07-03-24 Middle of the Linked List

Problem Statement

Given the head of a singly linked list, we are tasked with returning the middle node of the linked list. If there are two middle nodes, we need to return the second middle node.

Example Scenarios:

Consider a couple of examples to better understand the problem:

Example 1:

Input: head = [1,2,3,4,5]
Output: [3,4,5]
Explanation: The middle node of the list is node 3.

Example 2:

Input: head = [1,2,3,4,5,6]
Output: [4,5,6]
Explanation: Since the list has two middle nodes with values 3 and 4, we return the second one.

Approach 1

To find the middle node of a singly linked list efficiently, we can use the following approach:

1. Initialize two pointers, slow and fast, both pointing to the head of the linked list.
2. Move the fast pointer twice as fast as the slow pointer. This way, when the fast pointer reaches the end of the list, the slow pointer will be at the middle node.
3. Traverse the list until the fast pointer reaches the end. During each iteration, move the slow pointer one step forward and the fast pointer two steps forward.
4. Once the fast pointer reaches the end of the list (i.e., fast reaches nullptr), the slow pointer will be pointing to the middle.

Code (C++)

 #include <iostream>

struct ListNode {
    int val;
    ListNode* next;
    ListNode(int x) : val(x), next(nullptr) {}
};

ListNode* findMiddleNode(ListNode* head) {
    if (head == nullptr || head->next == nullptr)
        return head; // Edge case: List has 0 or 1 node

    ListNode* slow = head;
    ListNode* fast = head;

    while (fast != nullptr && fast->next != nullptr) {
        slow = slow->next;
        fast = fast->next->next;
    }

    return slow;
}

int main() {
    // Example 1
    ListNode* head1 = new ListNode(1);
    head1->next = new ListNode(2);
    head1->next->next = new ListNode(3);
    head1->next->next->next = new ListNode(4);
    head1->next->next->next->next = new ListNode(5);
    ListNode* middle1 = findMiddleNode(head1);
    std::cout << "Middle node value (Example 1): " << middle1->val << std::endl;

    // Example 2
    ListNode* head2 = new ListNode(1);
    head2->next = new ListNode(2);
    head2->next->next = new ListNode(3);
    head2->next->next->next = new ListNode(4);
    head2->next->next->next->next = new ListNode(5);
    head2->next->next->next->next->next = new ListNode(6);
    ListNode* middle2 = findMiddleNode(head2);
    std::cout << "Middle node value (Example 2): " << middle2->val << std::endl;

    return 0;
}

Output

Middle node value (Example 1): 3
Middle node value (Example 2): 4

Complexity Analysis

Time Complexity: O(n), where n is the number of nodes in the linked list.

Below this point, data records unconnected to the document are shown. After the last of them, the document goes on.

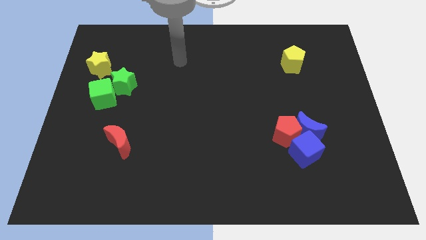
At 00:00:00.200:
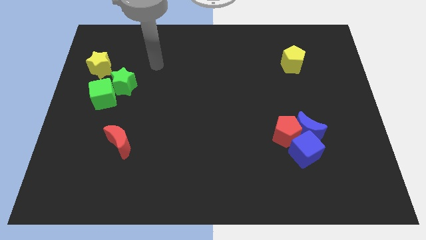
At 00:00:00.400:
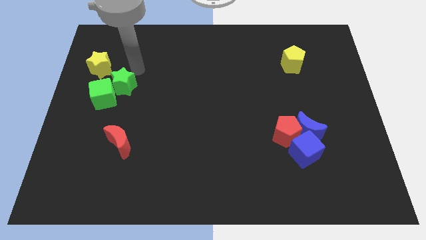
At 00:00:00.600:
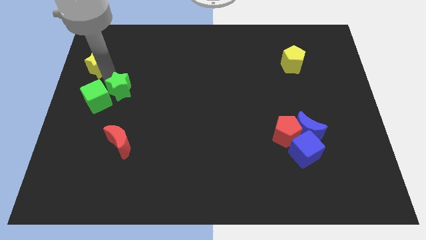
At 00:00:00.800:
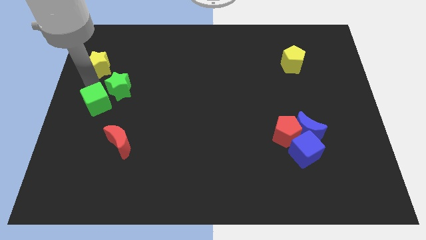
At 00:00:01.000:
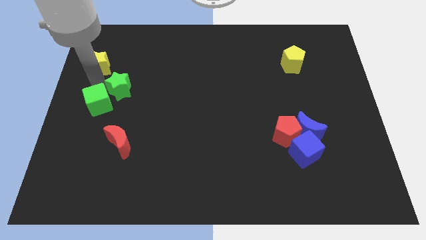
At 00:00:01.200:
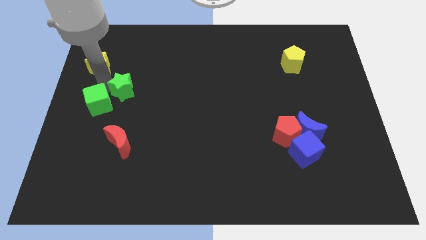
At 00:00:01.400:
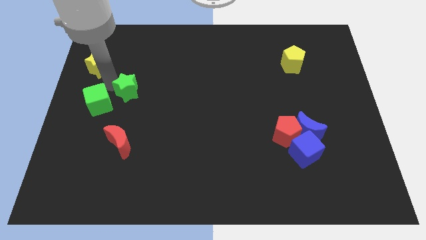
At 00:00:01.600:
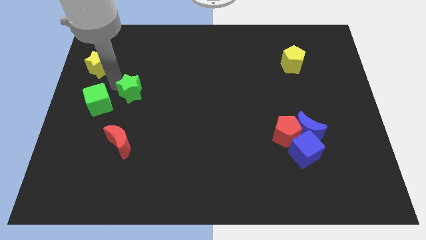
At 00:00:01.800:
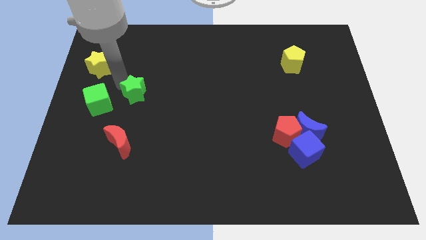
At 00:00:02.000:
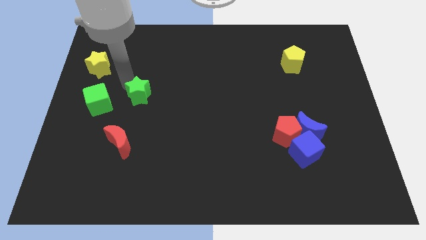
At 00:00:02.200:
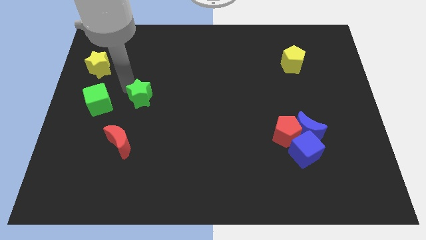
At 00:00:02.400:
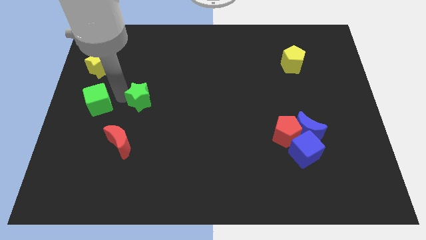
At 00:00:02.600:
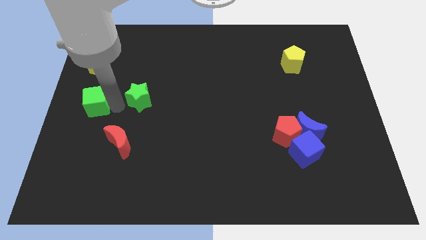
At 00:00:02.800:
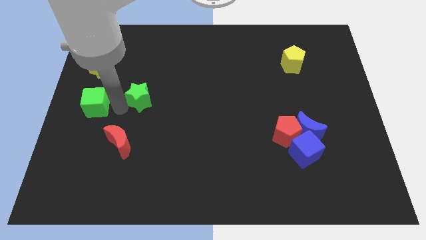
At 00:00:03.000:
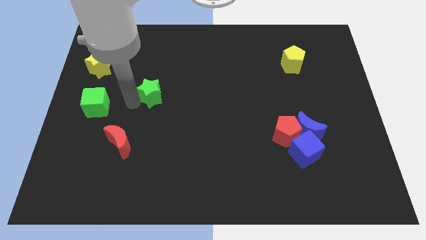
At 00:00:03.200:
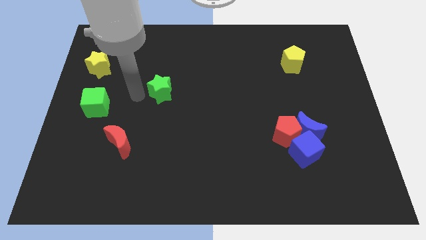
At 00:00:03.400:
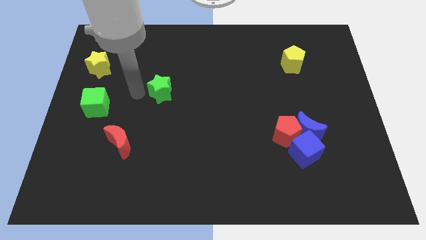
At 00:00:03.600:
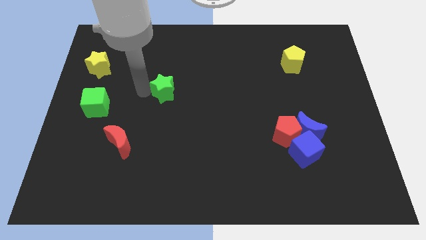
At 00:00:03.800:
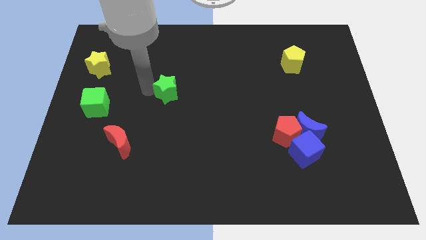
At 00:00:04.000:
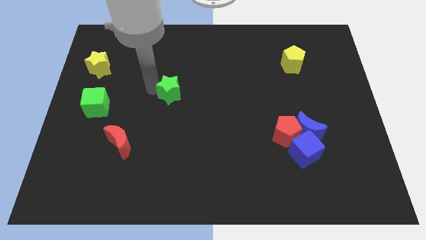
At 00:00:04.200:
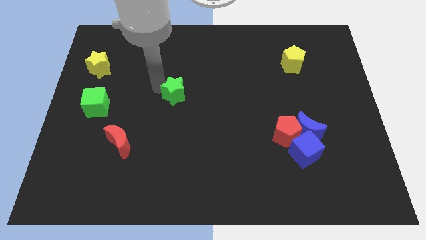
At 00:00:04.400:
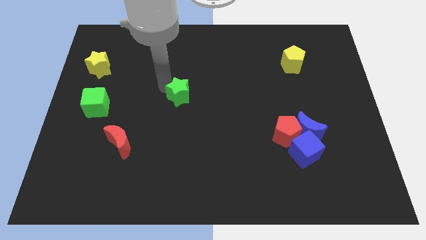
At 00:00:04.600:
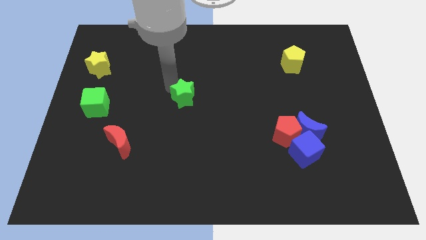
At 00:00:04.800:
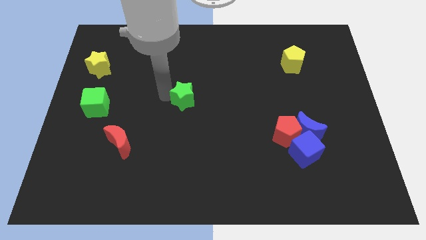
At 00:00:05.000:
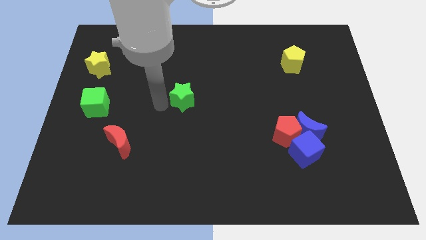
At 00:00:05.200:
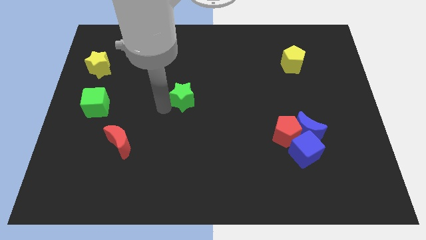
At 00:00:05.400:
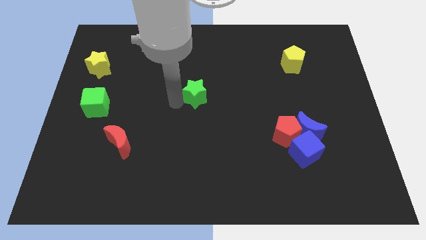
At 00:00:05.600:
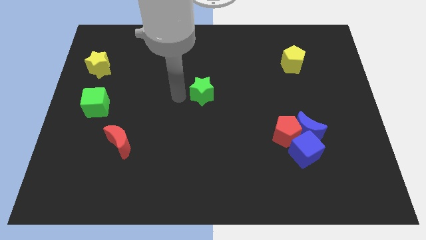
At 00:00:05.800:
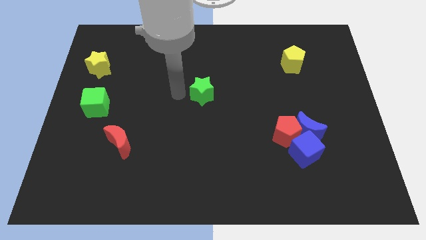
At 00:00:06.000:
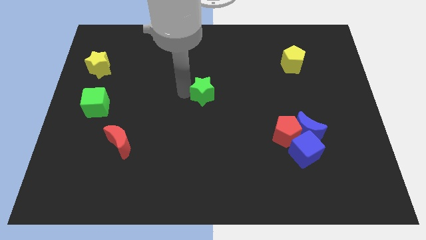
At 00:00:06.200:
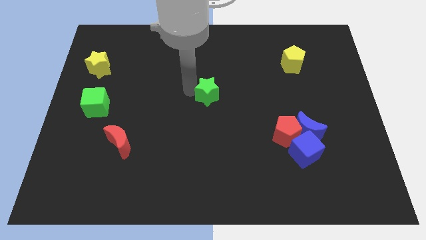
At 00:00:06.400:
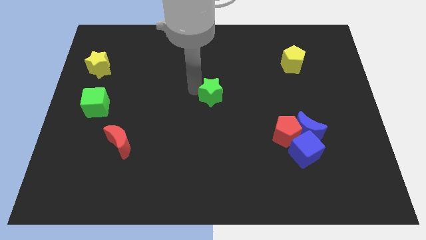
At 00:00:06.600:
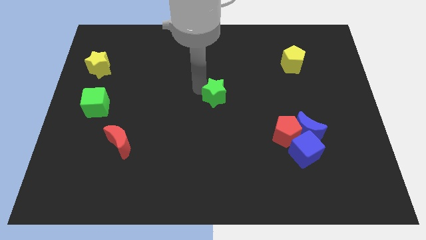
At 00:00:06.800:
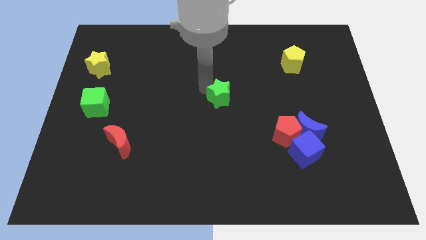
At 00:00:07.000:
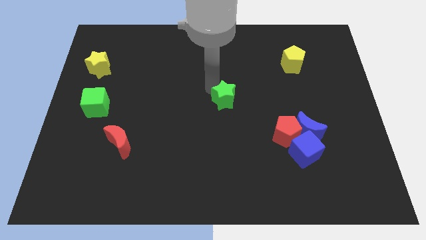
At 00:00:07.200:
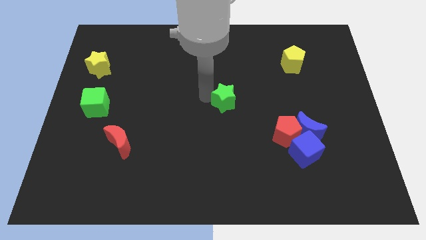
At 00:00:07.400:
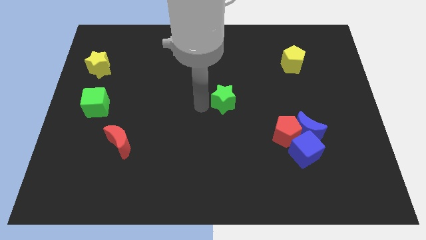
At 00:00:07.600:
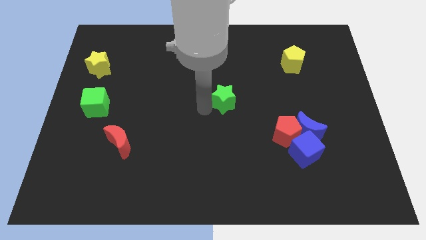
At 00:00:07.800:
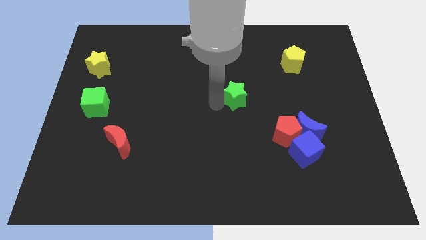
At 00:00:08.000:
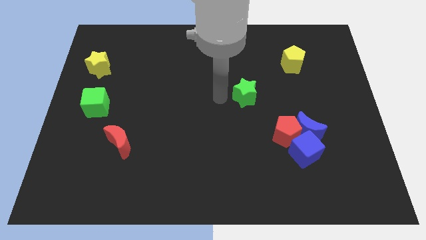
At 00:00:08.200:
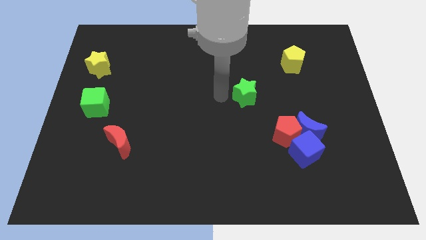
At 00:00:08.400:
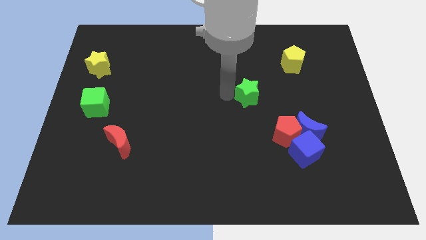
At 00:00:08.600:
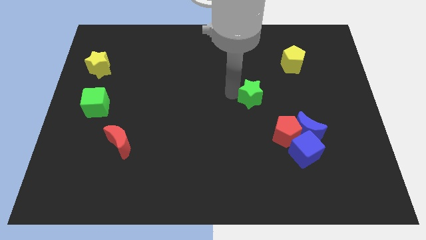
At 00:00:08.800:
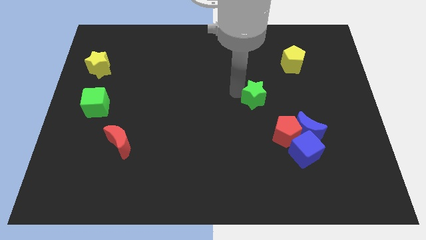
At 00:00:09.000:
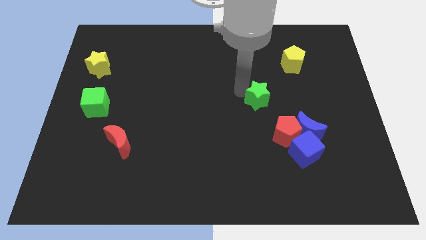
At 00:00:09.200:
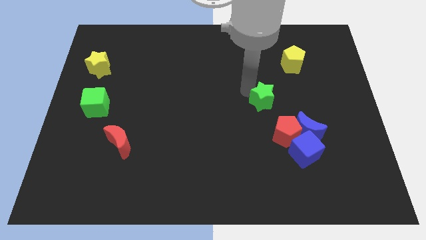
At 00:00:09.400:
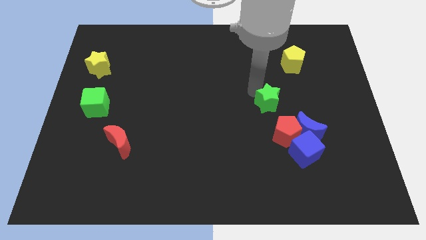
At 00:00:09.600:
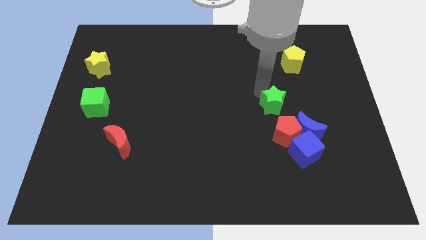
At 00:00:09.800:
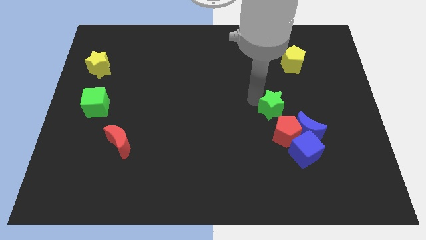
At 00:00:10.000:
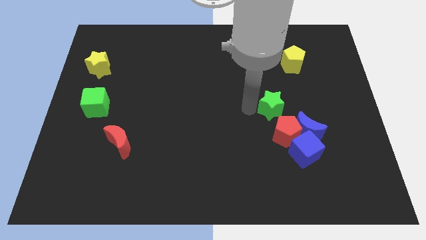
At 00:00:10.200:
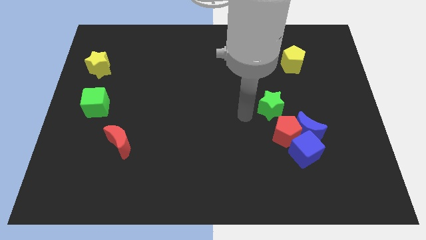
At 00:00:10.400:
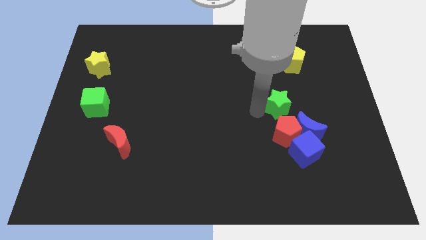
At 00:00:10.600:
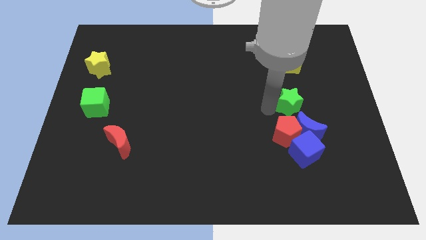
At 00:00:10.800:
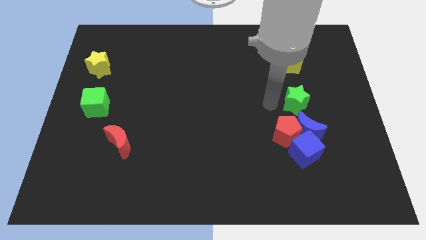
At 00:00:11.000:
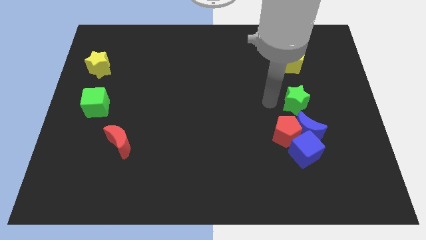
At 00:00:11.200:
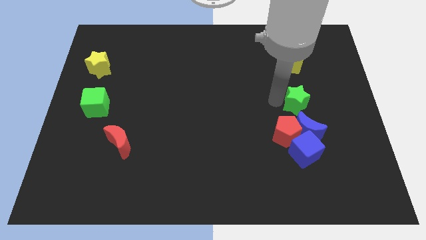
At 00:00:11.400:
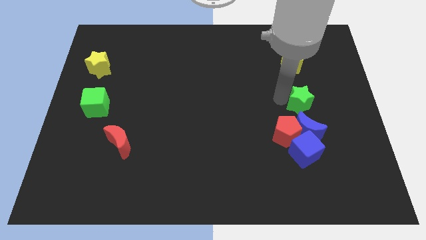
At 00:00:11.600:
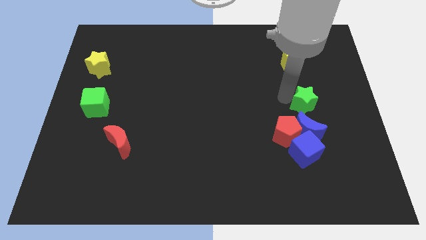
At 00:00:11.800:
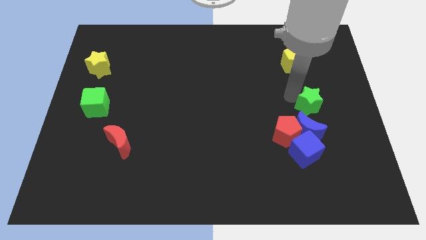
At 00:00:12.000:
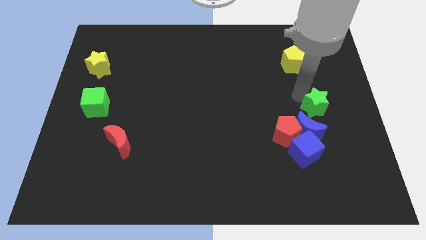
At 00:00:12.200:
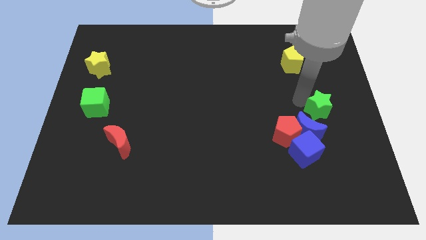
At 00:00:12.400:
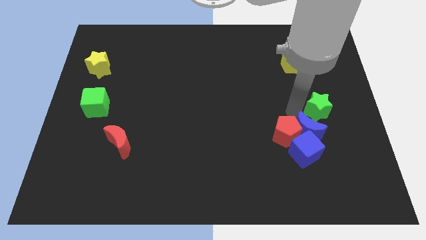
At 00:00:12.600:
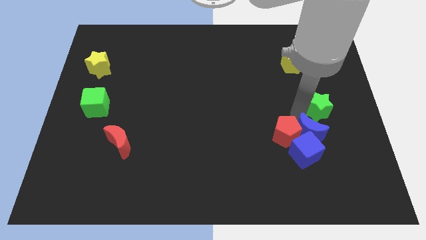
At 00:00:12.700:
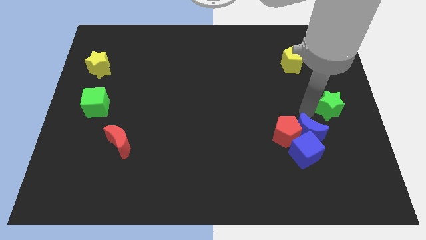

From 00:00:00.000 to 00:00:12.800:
move the green star to the center right

• The fast pointer traverse the entire list, reaching the end. However, it moves twice as fast as the slow pointer.
• Therefore, the time complexity is O(n/2), which simplifies to O(n)

Space Complexity: O(1)

• We are using only two pointers, regardless of the size of the linked list.
• Thus, the space complexity is O(1), which means it's constant space complexity.